Managing virtual servers and applications in the cloud is hard because it requires not only major changes to technology and process, but also a mindset shift. You need to align your tools and strategy for automation with your team’s “cloud awareness” mindset. Otherwise, moving to cloud infrastructure can end up costing you more time and money than physical infrastructure.
The need to align your methodology with your cloud awareness mindset is a big reason why there is no single, correct “recipe for success” for leveraging the cloud. The tools and processes that will work best for a given team at a given point in time depend on its actual state of cloud awareness-that is, how you view and treat your server and application instances.
As one of the most experienced boutique Boston cloud consulting firms targeting startups and SMBs, we’ve worked with clients at every point along the cloud awareness continuum, from “legacy infrastructure” (think racked servers in a data center managed by hand) to “cloud-aware” (think continuous delivery, ephemeral instances, and no panic attacks if you lose one or even ten cloud servers in an outage).
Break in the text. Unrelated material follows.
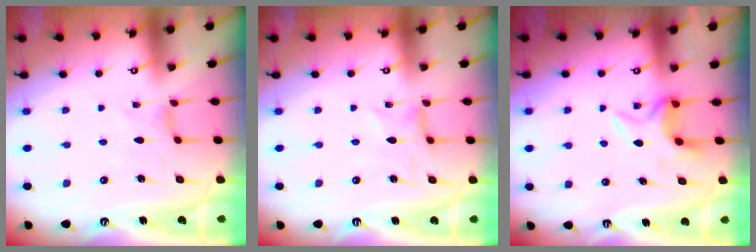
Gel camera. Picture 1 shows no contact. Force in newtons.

We’ve also seen the Boston DevOps scene, as well the overall industry focus on DevOps, expand considerably even in just the past year. Likewise, the pace of cloud migration around Boston and elsewhere has accelerated even more. This is true not just among startups and small tech firms, but for all businesses that rely on IT or software development as a differentiator.
Yet many teams, even though they’re “on cloud,” still have vestiges of a legacy infrastructure mindset. For example, teams at the cut/paste stage of cloud migration can successfully save on hardware costs by virtualizing servers. But they still tend to treat their virtual servers as if they were sitting in racks in a data center: they give them names, manage them individually and keep them up-and-running indefinitely. They also tend to struggle with deployment and administration bottlenecks similar to what teams working on traditional data center infrastructure frequently encounter.
In contrast, teams at the “partially cloud aware” stage are actively leveraging the cost and speed advantages of public cloud. But they probably have separate processes for deploying code and infrastructure.